### Task
All records are to be restated word for word, with pictures excluded.

# # # # # # #

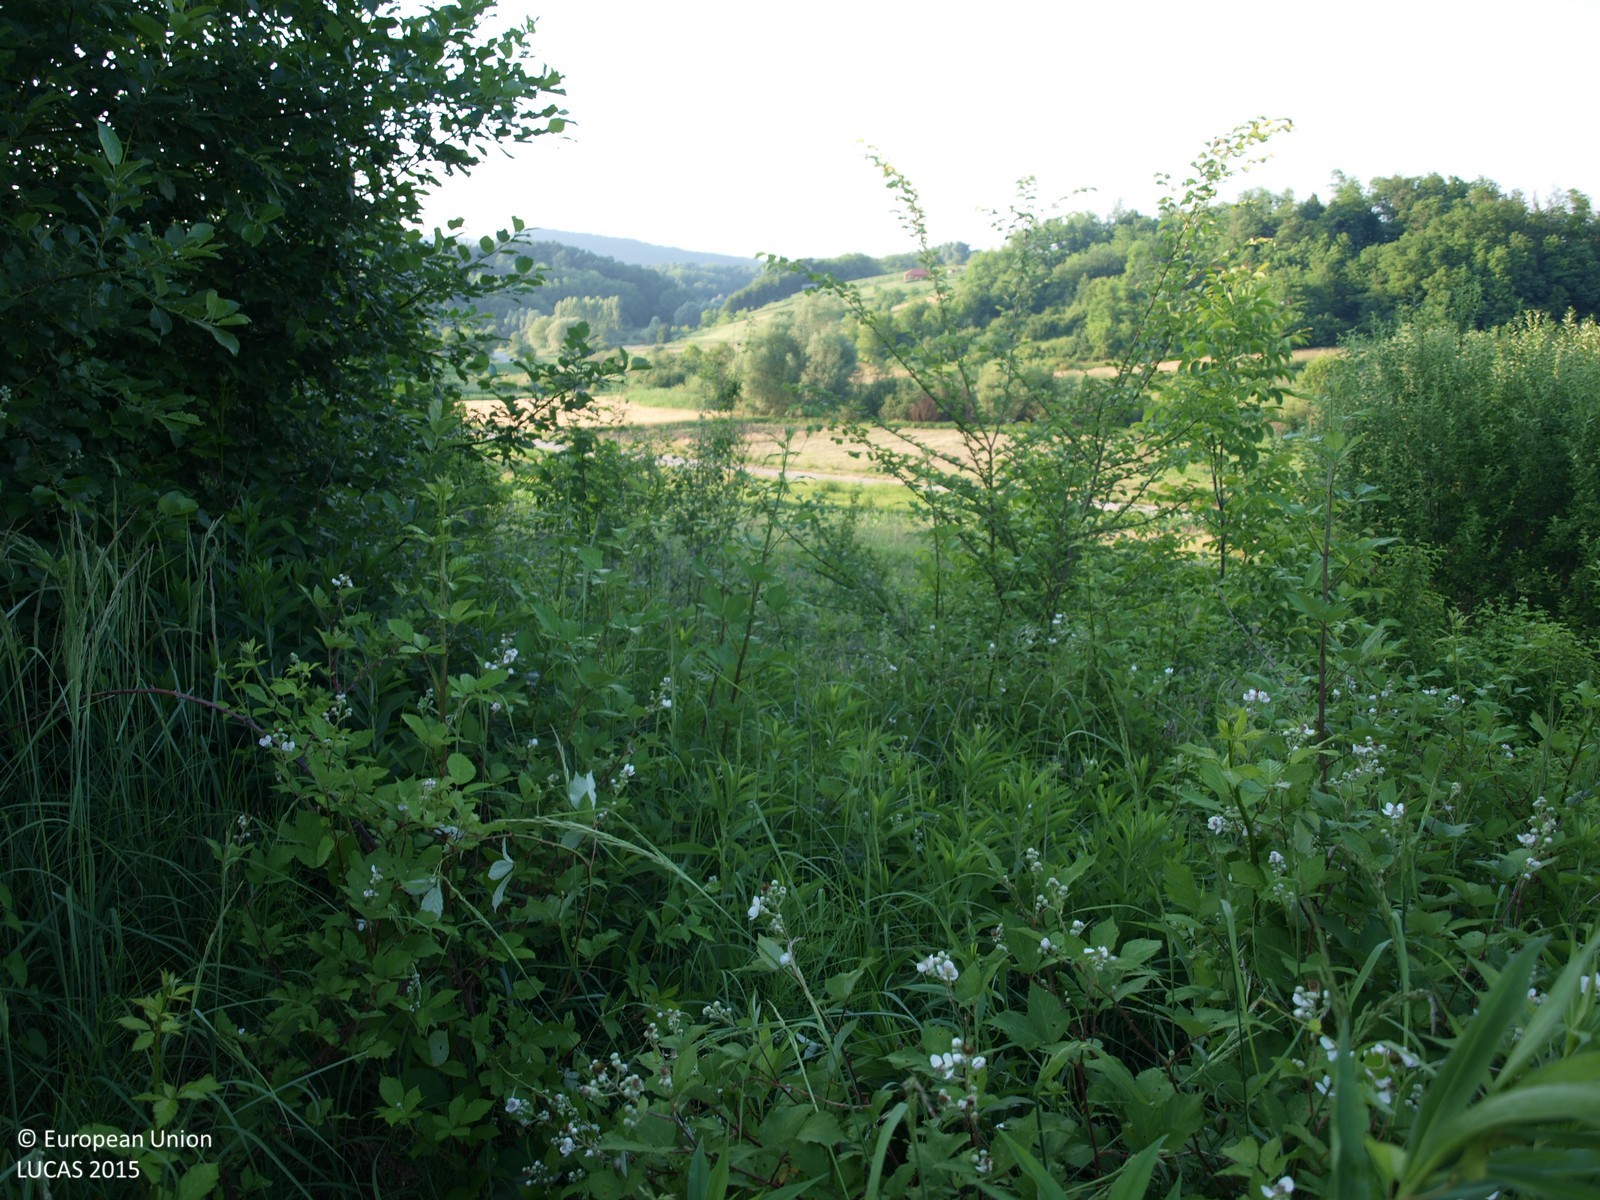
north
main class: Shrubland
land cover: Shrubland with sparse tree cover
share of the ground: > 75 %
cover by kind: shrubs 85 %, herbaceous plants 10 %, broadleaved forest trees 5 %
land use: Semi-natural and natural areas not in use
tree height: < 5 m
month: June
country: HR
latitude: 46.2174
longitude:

# # # # # # #

### Solution
north
main class: Shrubland
land cover: Shrubland with sparse tree cover
share of the ground: > 75 %
cover by kind: shrubs 85 %, herbaceous plants 10 %, broadleaved forest trees 5 %
land use: Semi-natural and natural areas not in use
tree height: < 5 m
month: June
country: HR
latitude: 46.2174
longitude:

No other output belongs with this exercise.